Over 50 and getting a Divorce presents challenges concerning health care issues. Health insurance, important for everyone, becomes vital as we age and develop health issues.

Usually, at least one party is covered by employer-sponsored private medical health insurance; the spouse is typically covered under that plan. While some plans allow the spouse to remain on after a divorce, others do not. This is critical information to provide your Rhode Island divorce attorney as early as possible. If the employer's plan will not permit a divorced spouse to remain on the plan, that spouse's budget must include future health insurance premiums. It is an issue to be negotiated in the settlement.

One option is to obtain a Divorce from Bed and Board, which is a formalized legal separation. Since the parties remain married, the spouse remains on the health insurance plan.

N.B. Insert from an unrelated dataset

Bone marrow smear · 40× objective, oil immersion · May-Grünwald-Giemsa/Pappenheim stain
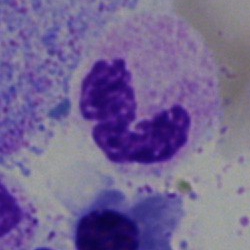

COBRA, an option with significant costs, protects individuals covered by group health insurance and is designed to provide a continuation of coverage when there is a change in circumstances or a "qualifying event" such as a divorce. COBRA is usually limited to 18 months, though in this situation, it may continue for up to 36 months, provided that the employee meets the notice requirements. COBRA applies to businesses that have 20 or more employee covered by health insurance. To maintain COBRA coverage, the insured must pay the entire premium for all plan costs without any assistance from the employer. For more information, see http://www.dol.gov/ebsa/faqs/faq-consumer-cobra.html

Medicare provides health care coverage for people 65 and older, or under 65 with certain disabilities. If one spouse has not worked and is not entitled to coverage under his/her own account, coverage may be available if the parties were validly married for at least 10 years before the Final Judgment and the "working" spouse has not been remarried to another spouse for more than 10 years.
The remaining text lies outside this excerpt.